The first method, replicated traditional backups, is a lot like the old way of doing backups. Customers backup their data to some type of deduplication system that replicates those backups to another location. In some cases, the data is replicated to another deduplication appliance located in a different data center of the same company. But some products are able to store these deduplicated backups in the cloud and use them for recovery in the case of disaster.
The downside of the replicated traditional backups method is traditional backups require a traditional restore. The cloud helps in that it can easily provide the infrastructure for the VMs you will restore. However, the company will still experience significant downtime while it waits for the VMs to be restored.
The second method, instant recovery from deduplicated backups, is a lot like the first method in that deduplicated backups are sent to a cloud storage provider and are used in a recovery. The difference here is backups are stored in such a way that VMs can run directly from the deduplicated backup data. VMs wouldn’t need to be restored; they simply need to be restarted from the backups.
The advantage of this method over replicated traditional backups is it does not require a restore in order to restart the data center. Assuming the proper steps took place prior to the disaster, the VM infrastructure should simply be able to be restarted at the recovery location. One disadvantage to this method is there may be performance challenges when running multiple VMs from a deduplicated backup store. In fact, depending on the deduplication technology, you may even struggle to start a single VM with decent performance.
Another disadvantage is the backups contain images of VMs of a certain hypervisor (e.g. VMware VMDKs). This means it would require the same hypervisor infrastructure at the recovery site. Historically, this would mean a customer would not be able to use a vendor like AWS or Azure as their recovery site, since they do not offer VMware. But this should be less of a problem moving forward as VMware is now available on AWS.
The final method, instant recovery from non-deduplicated backups, is when a vendor continually updates an un-deduplicated block image in the cloud.
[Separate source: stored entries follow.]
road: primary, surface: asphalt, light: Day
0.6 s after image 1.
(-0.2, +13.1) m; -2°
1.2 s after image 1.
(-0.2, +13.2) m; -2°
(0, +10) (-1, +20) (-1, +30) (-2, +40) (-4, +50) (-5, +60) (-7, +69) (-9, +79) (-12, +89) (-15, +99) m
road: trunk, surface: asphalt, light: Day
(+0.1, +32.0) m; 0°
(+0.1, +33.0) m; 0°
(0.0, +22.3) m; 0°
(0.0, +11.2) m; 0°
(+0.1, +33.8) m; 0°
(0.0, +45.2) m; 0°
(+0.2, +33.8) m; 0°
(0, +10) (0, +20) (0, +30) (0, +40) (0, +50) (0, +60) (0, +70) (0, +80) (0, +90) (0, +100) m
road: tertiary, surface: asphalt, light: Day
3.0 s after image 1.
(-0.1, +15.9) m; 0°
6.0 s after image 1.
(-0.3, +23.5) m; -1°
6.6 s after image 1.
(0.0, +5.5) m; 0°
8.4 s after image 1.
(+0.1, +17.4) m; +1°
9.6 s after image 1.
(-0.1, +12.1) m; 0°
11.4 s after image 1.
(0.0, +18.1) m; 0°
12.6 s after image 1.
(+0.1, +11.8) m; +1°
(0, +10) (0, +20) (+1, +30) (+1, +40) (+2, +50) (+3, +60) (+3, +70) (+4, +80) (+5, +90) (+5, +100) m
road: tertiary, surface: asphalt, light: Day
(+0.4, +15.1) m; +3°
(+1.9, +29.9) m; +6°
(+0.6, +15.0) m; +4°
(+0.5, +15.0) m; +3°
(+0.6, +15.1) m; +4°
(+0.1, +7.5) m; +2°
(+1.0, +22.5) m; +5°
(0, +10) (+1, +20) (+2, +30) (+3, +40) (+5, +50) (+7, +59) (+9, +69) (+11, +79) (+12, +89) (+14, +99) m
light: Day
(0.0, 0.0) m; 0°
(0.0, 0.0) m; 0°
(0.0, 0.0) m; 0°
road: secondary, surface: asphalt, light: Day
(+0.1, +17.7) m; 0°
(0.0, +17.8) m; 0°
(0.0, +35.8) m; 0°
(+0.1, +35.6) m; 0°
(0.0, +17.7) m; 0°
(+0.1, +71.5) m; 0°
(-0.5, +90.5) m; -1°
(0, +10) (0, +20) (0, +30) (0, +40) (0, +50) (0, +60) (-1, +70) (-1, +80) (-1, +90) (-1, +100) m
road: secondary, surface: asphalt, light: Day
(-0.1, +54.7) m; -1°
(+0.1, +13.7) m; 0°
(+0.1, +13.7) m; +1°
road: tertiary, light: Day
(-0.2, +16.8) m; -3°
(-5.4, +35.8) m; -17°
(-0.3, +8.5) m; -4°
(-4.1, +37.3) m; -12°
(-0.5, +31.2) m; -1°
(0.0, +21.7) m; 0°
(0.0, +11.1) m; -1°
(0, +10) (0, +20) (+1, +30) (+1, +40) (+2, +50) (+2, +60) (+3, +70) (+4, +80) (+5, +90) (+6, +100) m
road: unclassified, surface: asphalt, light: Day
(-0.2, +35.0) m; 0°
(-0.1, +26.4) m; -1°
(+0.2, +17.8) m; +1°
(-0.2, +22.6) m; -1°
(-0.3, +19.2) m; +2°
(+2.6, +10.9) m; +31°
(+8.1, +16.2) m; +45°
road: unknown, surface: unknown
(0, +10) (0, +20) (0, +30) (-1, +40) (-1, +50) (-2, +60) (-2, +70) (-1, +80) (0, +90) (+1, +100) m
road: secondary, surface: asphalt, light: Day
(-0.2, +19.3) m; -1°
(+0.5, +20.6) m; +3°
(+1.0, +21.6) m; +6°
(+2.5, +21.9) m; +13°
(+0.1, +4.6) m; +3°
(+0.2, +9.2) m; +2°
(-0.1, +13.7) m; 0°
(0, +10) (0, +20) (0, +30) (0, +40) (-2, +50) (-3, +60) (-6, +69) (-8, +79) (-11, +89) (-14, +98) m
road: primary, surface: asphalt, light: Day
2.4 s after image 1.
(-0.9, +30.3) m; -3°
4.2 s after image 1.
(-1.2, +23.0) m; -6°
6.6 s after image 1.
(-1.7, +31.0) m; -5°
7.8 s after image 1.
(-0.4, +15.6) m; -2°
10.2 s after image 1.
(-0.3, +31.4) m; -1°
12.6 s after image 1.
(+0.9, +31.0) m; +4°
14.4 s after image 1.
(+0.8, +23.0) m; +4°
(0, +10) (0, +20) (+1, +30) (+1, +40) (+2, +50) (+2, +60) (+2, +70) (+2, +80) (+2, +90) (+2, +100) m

This solves the performance challenges with the deduplicated backups method, because the recovery image is stored in a native block format. Theoretically, this method could easily recover an entire data center without a performance issue.
It can also solve the second issue of the hypervisor limitations, because the recovery image can also be converted to whatever format is needed for a different hypervisor. For example, it would be possible to backup a VMware environment and convert the images to AMI format to be usable in AWS.
Companies that support this idea of continually updating an image usually do so incrementally; meaning each backup incrementally copies the new blocks to the recovery image so that it is up to date as of the most recent backup. The downside to this method is it requires storing one or more copies of your data on cloud block storage, versus using the less-expensive object storage that cloud vendors offer. In Amazon terms, this means storing at least one copy of your data in EBS, instead of storing all of it in S3.
Cloud recovery will become the standard recovery mechanism for most companies. It simply makes too much financial sense. Companies that only support replicated traditional backups will be forced to adapt to instant recovery in the cloud. Companies that only support instant recovery from deduplicated backups will be forced to either address the performance limitations of doing so, or convert to the final method of updating a non-deduplicated image that is only used in a disaster. In a few years, the only companies left doing their own recovery infrastructure will be the largest enterprises that can build it and manage for less money than the alternatives.